[Material provided Boundary: Start]

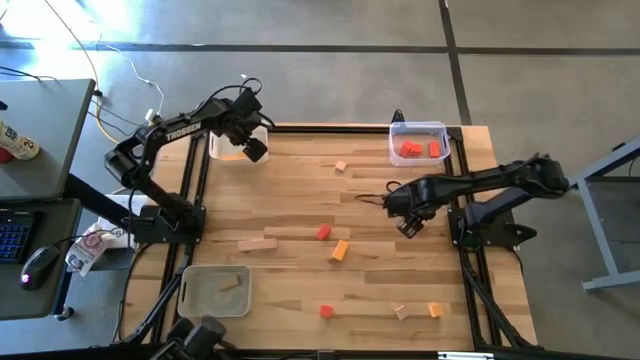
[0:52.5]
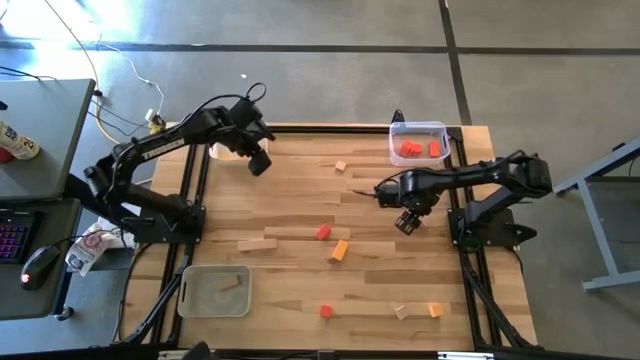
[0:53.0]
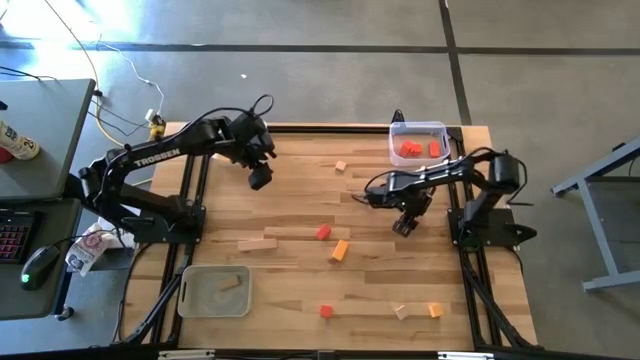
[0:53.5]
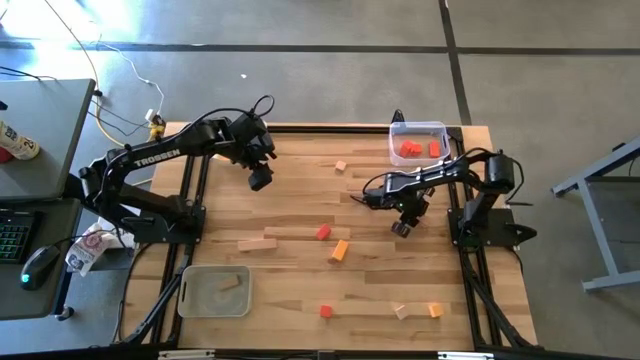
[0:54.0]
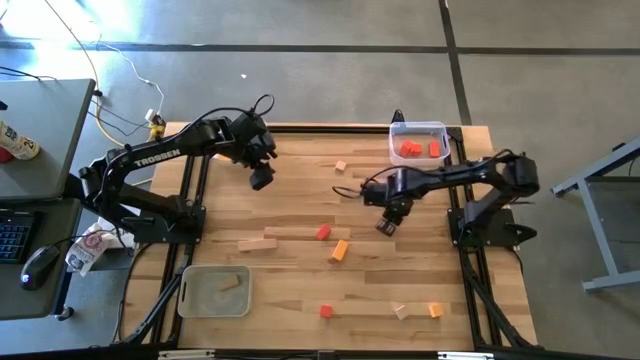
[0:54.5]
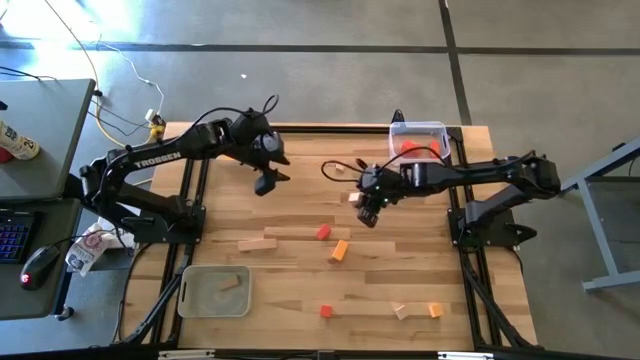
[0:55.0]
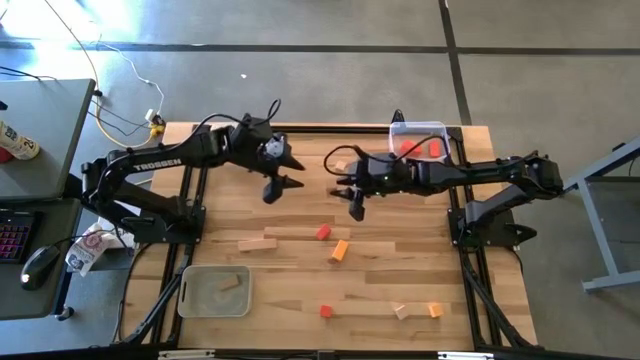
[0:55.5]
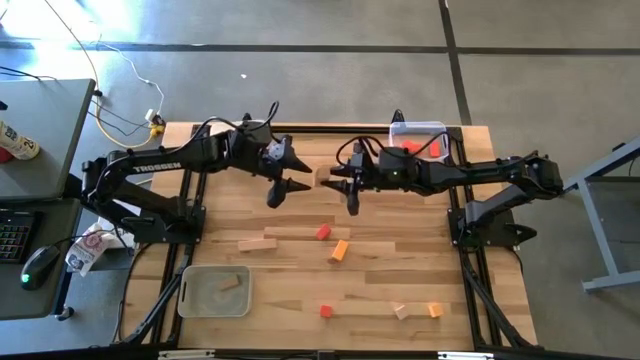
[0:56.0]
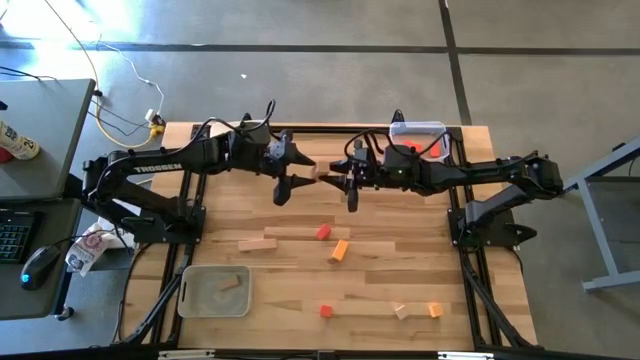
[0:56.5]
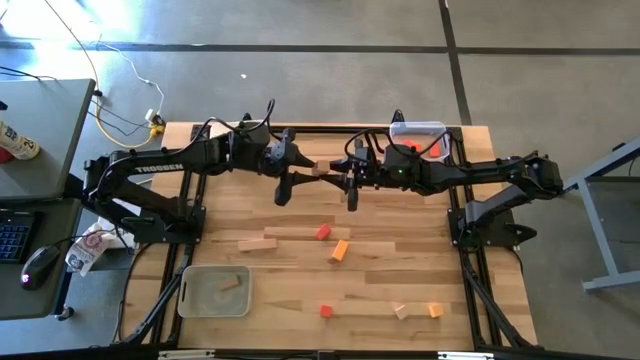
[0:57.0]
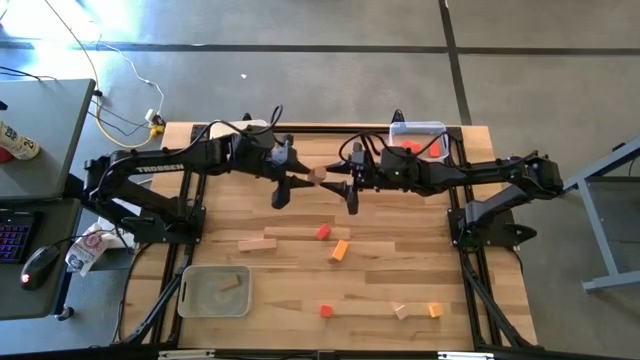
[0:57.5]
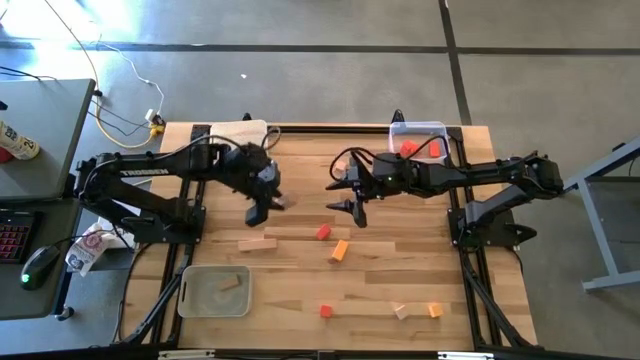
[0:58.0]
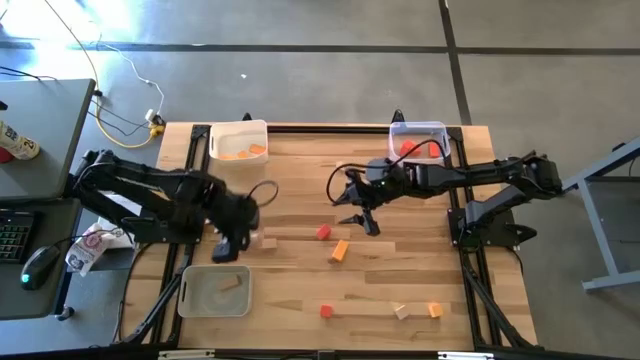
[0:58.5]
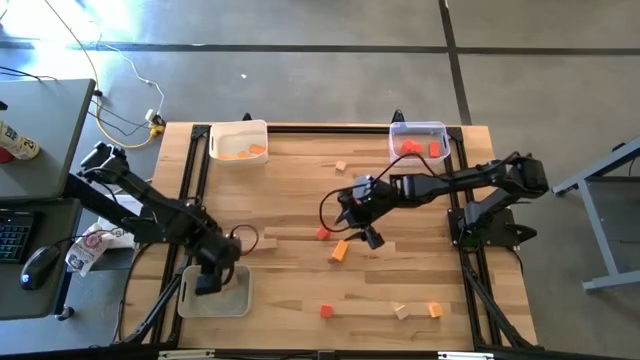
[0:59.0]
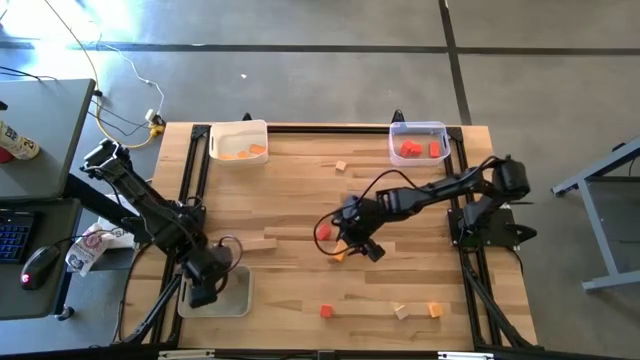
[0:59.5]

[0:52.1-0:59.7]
Task: Sort & place blocks by color
Put the brown block into the gray bin

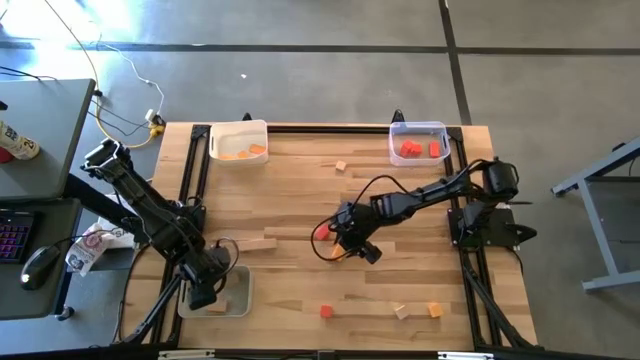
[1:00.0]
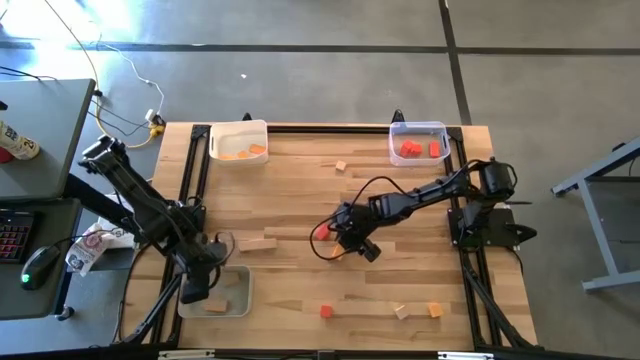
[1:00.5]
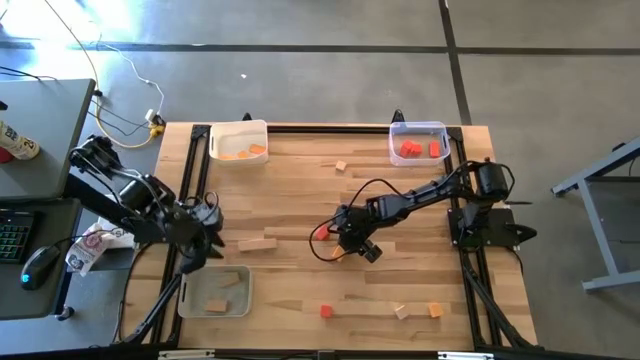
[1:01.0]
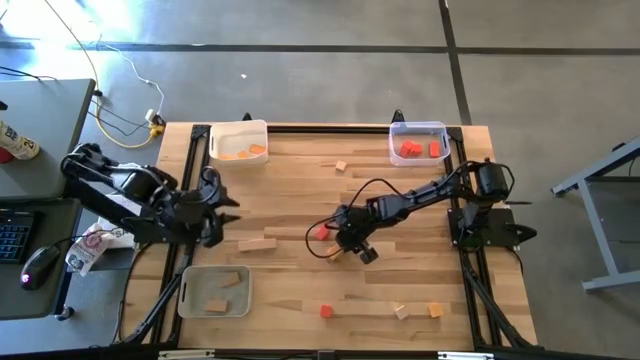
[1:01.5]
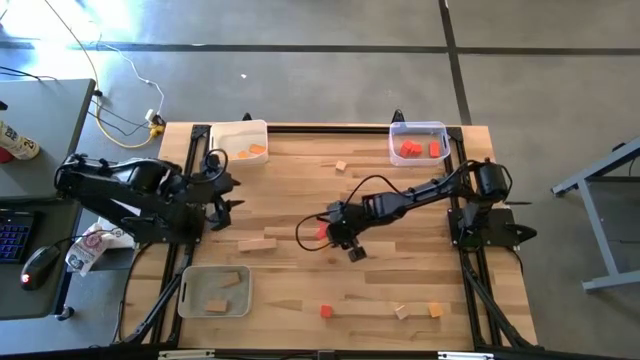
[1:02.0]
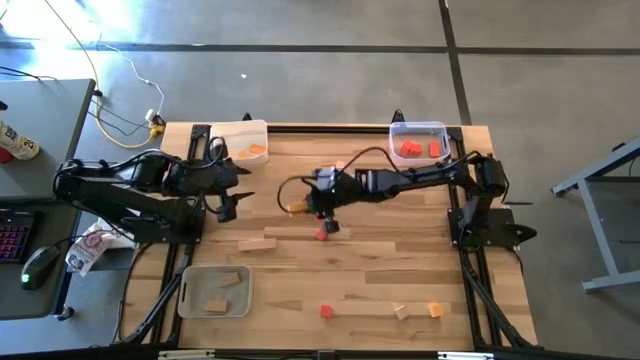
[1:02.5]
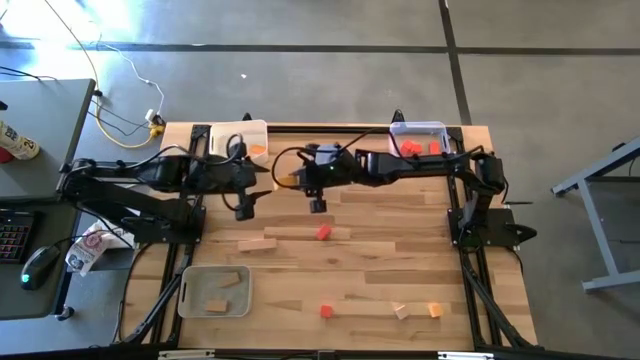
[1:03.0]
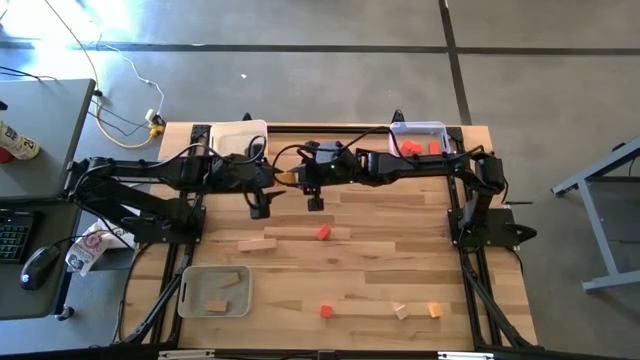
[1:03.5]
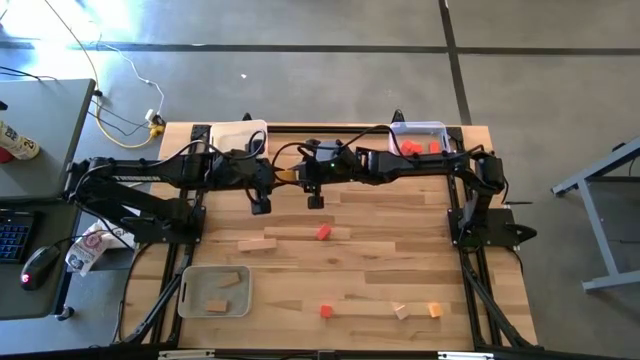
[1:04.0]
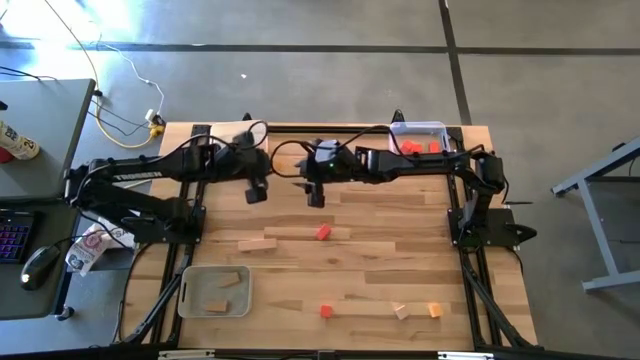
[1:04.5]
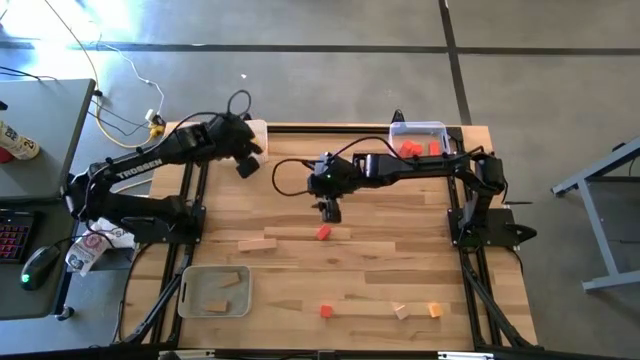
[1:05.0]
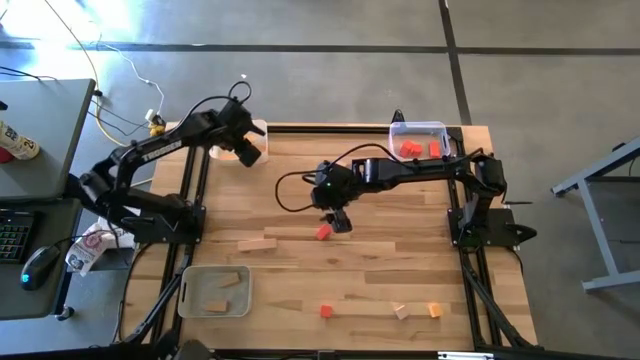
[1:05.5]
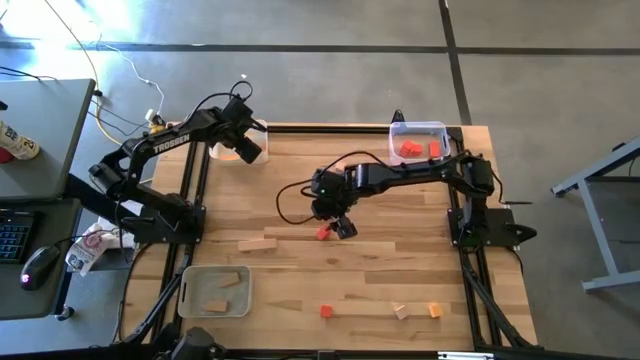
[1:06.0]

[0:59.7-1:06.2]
Put the yellow block into the white bin

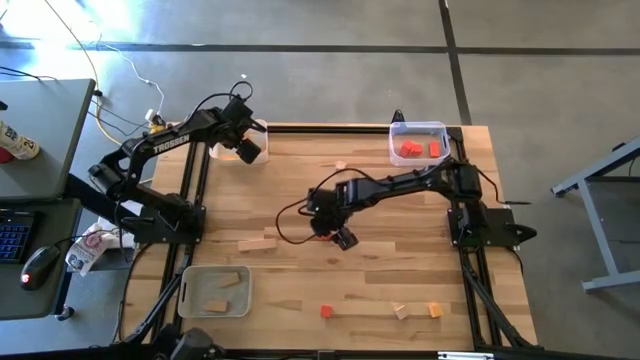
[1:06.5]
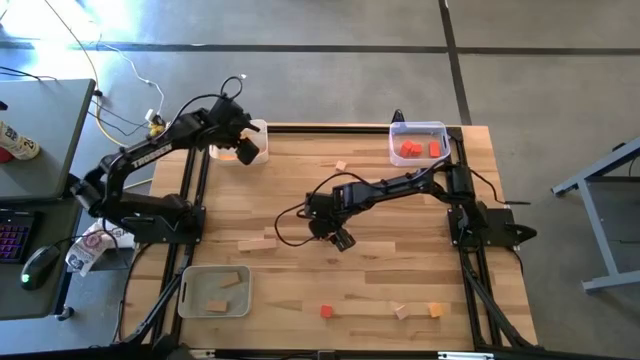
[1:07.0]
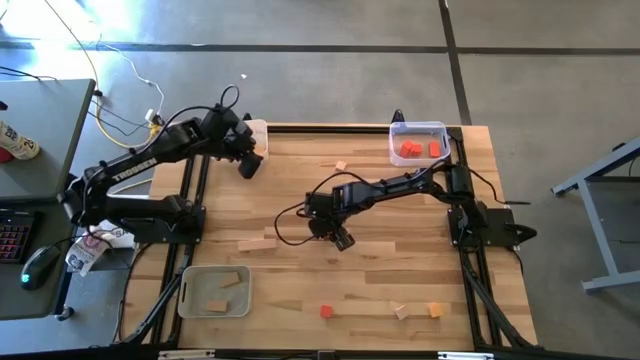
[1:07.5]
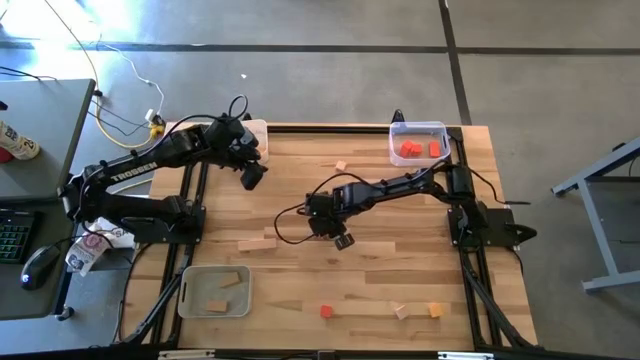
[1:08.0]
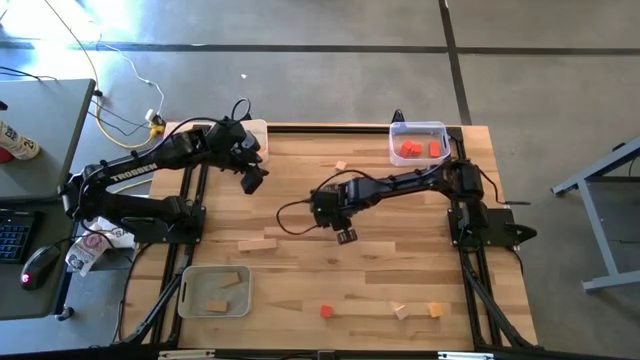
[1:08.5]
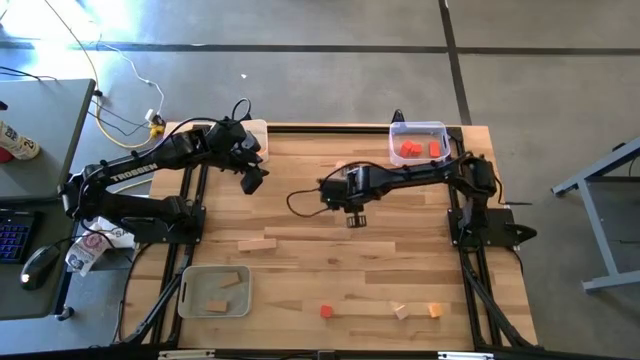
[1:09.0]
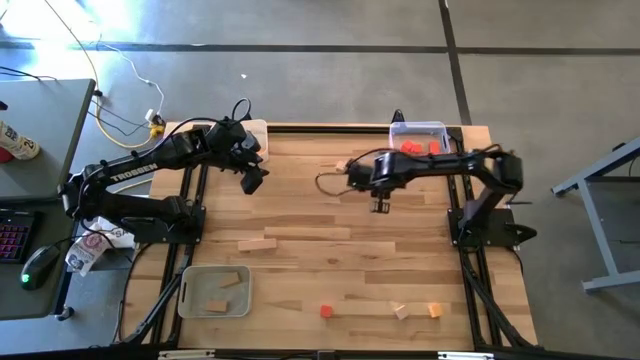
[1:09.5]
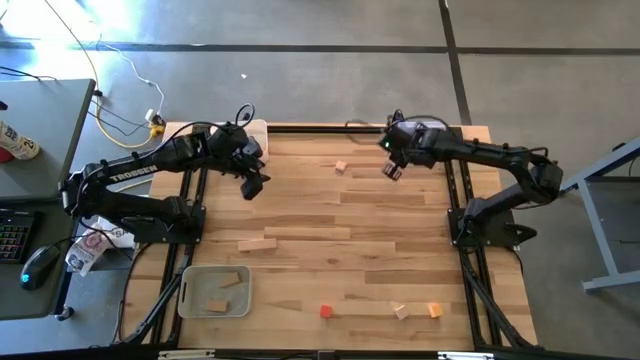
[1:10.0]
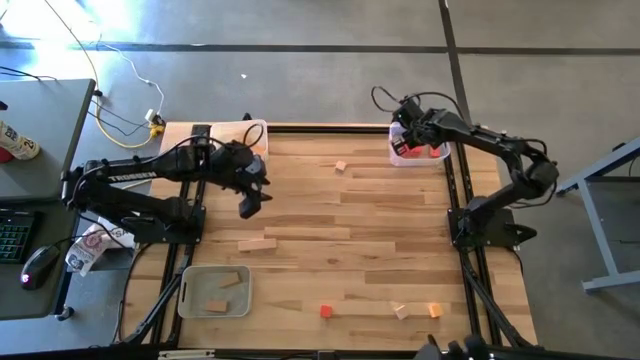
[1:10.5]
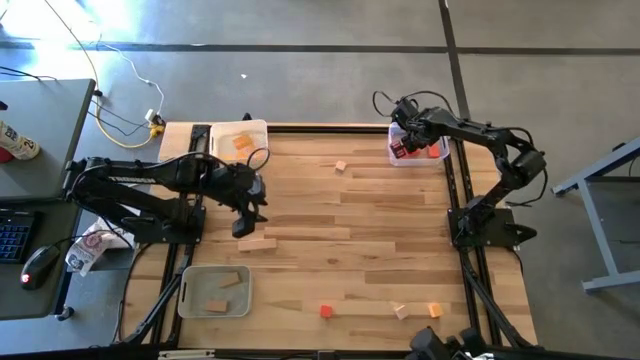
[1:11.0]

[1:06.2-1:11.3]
Put the orange block into the transparent bin

[Material provided Boundary: End]

* _About this exercise_: The whole listing above, line by line, needs to be copied exactly, except for any images.

* _Task answer_:
[0:52.5]
[0:53.0]
[0:53.5]
[0:54.0]
[0:54.5]
[0:55.0]
[0:55.5]
[0:56.0]
[0:56.5]
[0:57.0]
[0:57.5]
[0:58.0]
[0:58.5]
[0:59.0]
[0:59.5]

[0:52.1-0:59.7]
Task: Sort & place blocks by color
Put the brown block into the gray bin

[1:00.0]
[1:00.5]
[1:01.0]
[1:01.5]
[1:02.0]
[1:02.5]
[1:03.0]
[1:03.5]
[1:04.0]
[1:04.5]
[1:05.0]
[1:05.5]
[1:06.0]

[0:59.7-1:06.2]
Put the yellow block into the white bin

[1:06.5]
[1:07.0]
[1:07.5]
[1:08.0]
[1:08.5]
[1:09.0]
[1:09.5]
[1:10.0]
[1:10.5]
[1:11.0]

[1:06.2-1:11.3]
Put the orange block into the transparent bin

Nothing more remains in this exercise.